Women needing follow-up care for abnormal cervical smear results were inadvertently ignored by their public hospital, and one woman's invasive cancer went undetected and untreated for too long, a report reveals.
An inquiry by Health and Disability Commissioner Ron Paterson, sparked by a complaint from the cancer patient's husband, found that the Waitemata District Health Board and two of its gynaecologists - both unnamed - breached the patient's rights. She had been subjected to "totally unsatisfactory" delays.
The investigation into the case of "Mrs A" brought to light lapses in the care of 28 other women, some of whom had high-grade abnormalities of the cervix but were not given follow-up appointments.
A systems error has been blamed, and the hospital says the problems are now resolved.
In his report, released today, Mr Paterson said women in New Zealand were entitled to "a far better standard of care and communication from the publicly funded health system".
"It is unacceptable that a disease that is so well known, well described and for which there are clear, established guidelines for diagnosis and treatment had gone undetected and untreated for so long in a public hospital setting in 2002/03."

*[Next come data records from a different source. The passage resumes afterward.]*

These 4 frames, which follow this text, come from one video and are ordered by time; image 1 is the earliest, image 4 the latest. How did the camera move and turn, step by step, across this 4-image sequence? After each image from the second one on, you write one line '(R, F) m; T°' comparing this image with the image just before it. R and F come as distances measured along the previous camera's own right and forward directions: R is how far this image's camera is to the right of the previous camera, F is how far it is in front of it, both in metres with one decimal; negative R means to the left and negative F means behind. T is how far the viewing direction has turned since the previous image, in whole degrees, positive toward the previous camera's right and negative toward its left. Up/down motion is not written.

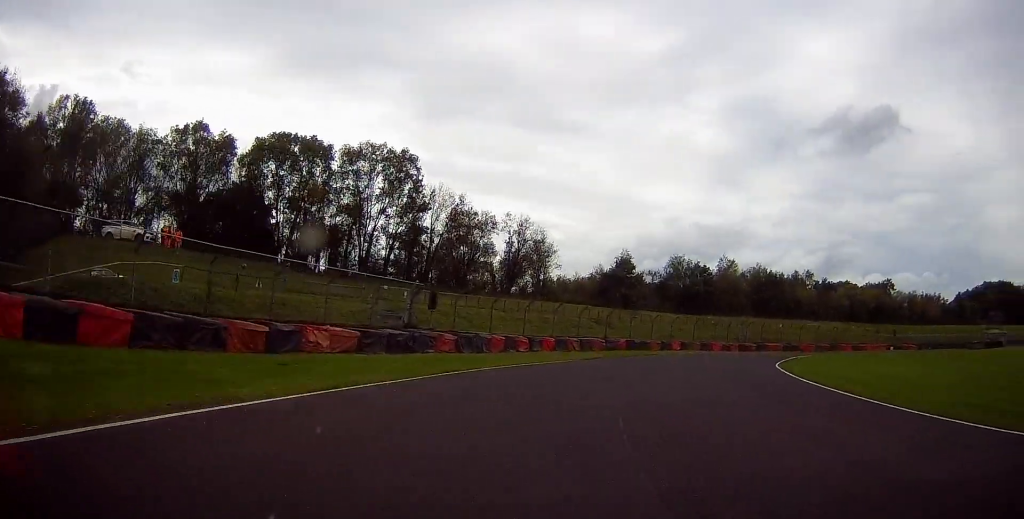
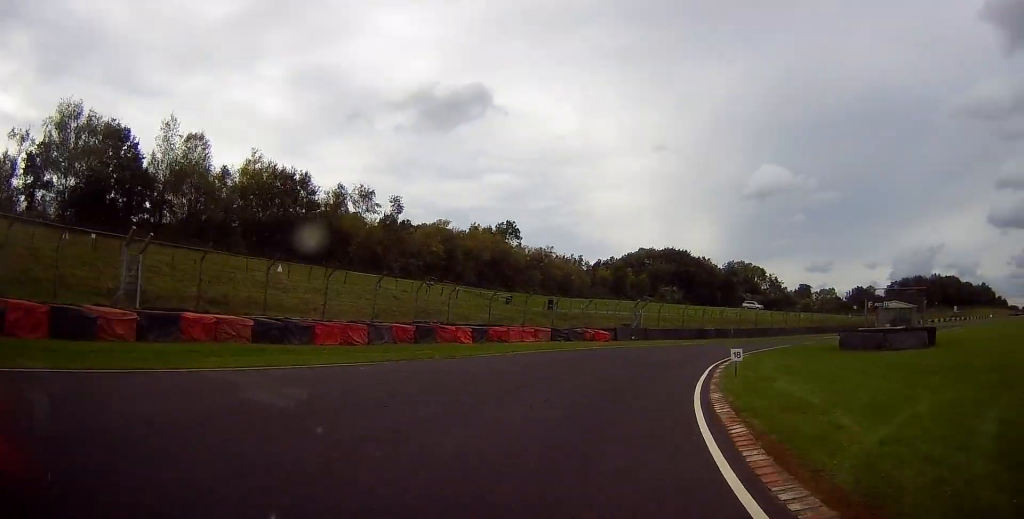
(+19.9, +53.2) m; +38°
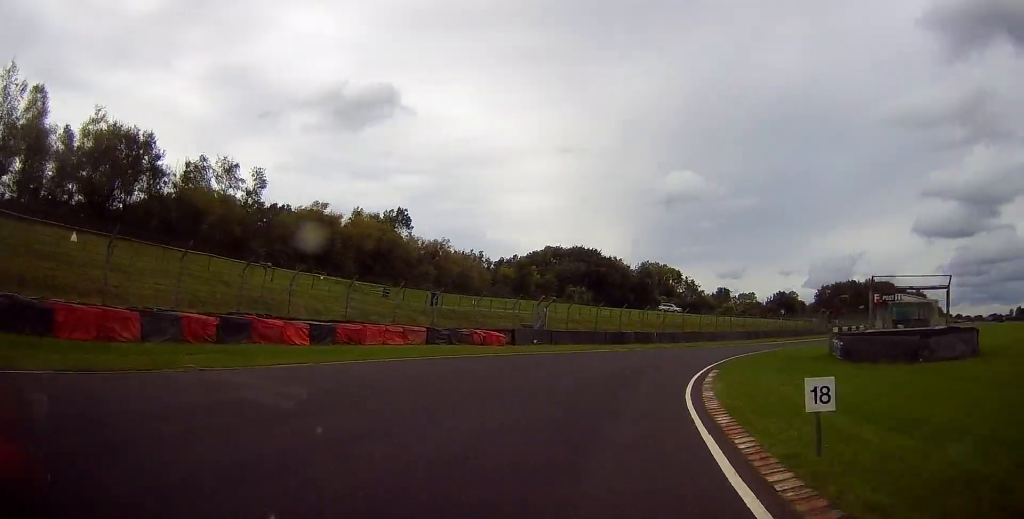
(-0.2, +11.1) m; +7°
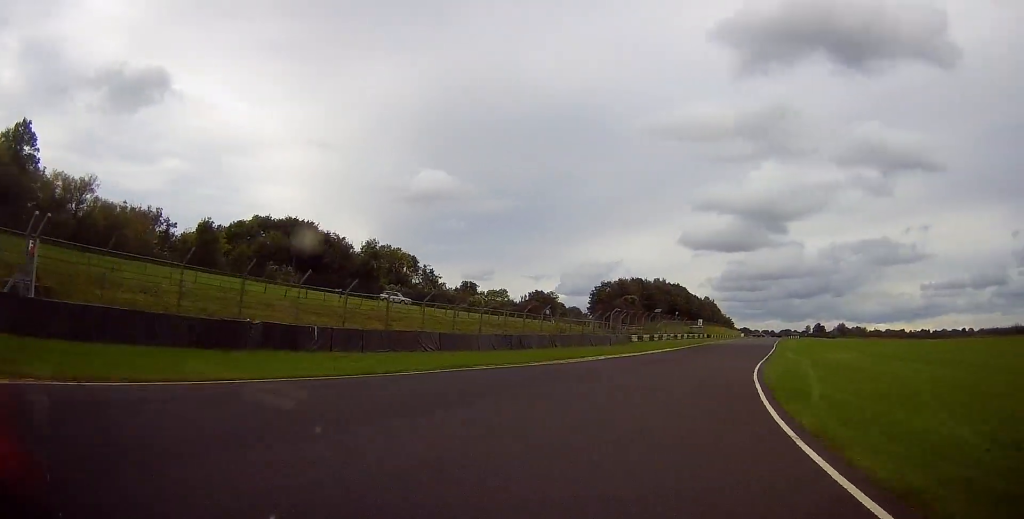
(+7.1, +33.1) m; +20°

He recommended that the health board, which accepted his findings and apologised to Mrs A, review its gynaecology service. When it did that, it brought to light other cases.
The board's clinical director of gynaecology, Associate Professor Jenny Westgate, said the review showed that seven women with high-grade abnormalities of the cervix had had inadequate follow-up after initial colposcopy assessment.
A further 21, with a mixture of abnormalities, had been seen and treated as necessary, but their follow-up had not been completed within the appropriate time.
In some cases, including five of the high-grade cases, the hospital had not made the necessary appointments for the women.
The others had failed to turn up for an appointment that had been made.
All of the women had now been contacted, Professor Westgate said.
"To our knowledge none of the high-grade ones have developed cancer. The other people ... they didn't have cancer and we expect to be able to finish their follow-up."
The failure to make appointments was a systems error, she said. It would be too difficult to explain what happened in each case, but she was confident that a new auditing process would prevent a repeat.
Professor Westgate said the colposcopy delays that led to the complaint no longer occurred.
Mr Paterson said comments in 2002 by hospital staff to Mrs A, who had been married for 21 years, about unsafe or unfaithful sex causing her condition were "totally inappropriate" and could have "reduced her willingness" to attend the hospital.
His adviser had reported that this could be because of "communication problems with overseas-trained doctors". Mr Paterson noted Waitemata's comments to him about a lack of resources and other factors contributing to the woman's care.
But he said there were repeated missed opportunities for the hospital to take a cervical smear, "and a notable failure to fast-track treatment once the ulcerated cervix was identified".
"The awareness and response to cervical cancer on the part of medical staff appears to have been poor."
Dr Sue Belgrave, a gynaecologist at North Shore Hospital, told the Herald last night that Mrs A's case was well known and regrettable.
"Certainly [in this case] there were process delays that ideally shouldn't have happened and that's regrettable.
"It also happened near Christmas time, a problem all health services have to deal with, which can compound a situation."
She said steps had been taken and it would be "highly unlikely" that a similar situation would happen again.
Dr Bernard Brenner, who has been a practising gynaecologist on the North Shore for 25 years, said a three-week wait for treatment in the public health system was not unusual.
He said only patients in emergency circumstances, such as if they were haemorrhaging or in acute pain, usually got immediate treatment.
It is five years since the Gisborne ministerial inquiry identified major failings in the national cervical screening programme.
The programme's clinical leader, Dr Hazel Lewis, said the Waitemata board's review and changes were appropriate.
She was unaware of other boards having similar problems.
CASE STUDY
Cancer goes undetected and untreated
Mrs A, who was in her 40s, complained in October 2003 after delays in her diagnosis at North Shore Hospital. She was first admitted in April 2002 for abdominal pain but a smear was only taken months later.
She was readmitted to the hospital on November 28 with pain and her cervix was found to be ulcerated and a scan showed a "cervical mass".
However, more than three weeks elapsed between her "urgent" referral to the hospital's colposcopy clinic and the date of the visit.
Under national guidelines she should have been seen within a week, but the board admits that because of pressures on the colposcopy service in 2002, even urgent cases were not always seen that quickly.
At the clinic, a doctor who was not identified by name, noted that Mrs A's cervix had become a malignant tumour that bled to the touch, but told her only that "things are not looking good", not that it was cancer.
The doctor wanted laboratory proof first, which came on January 3, ahead of another visit on January 20.
Mrs A's cancer was treated at another hospital and her husband told the commissioner last October that it was in remission.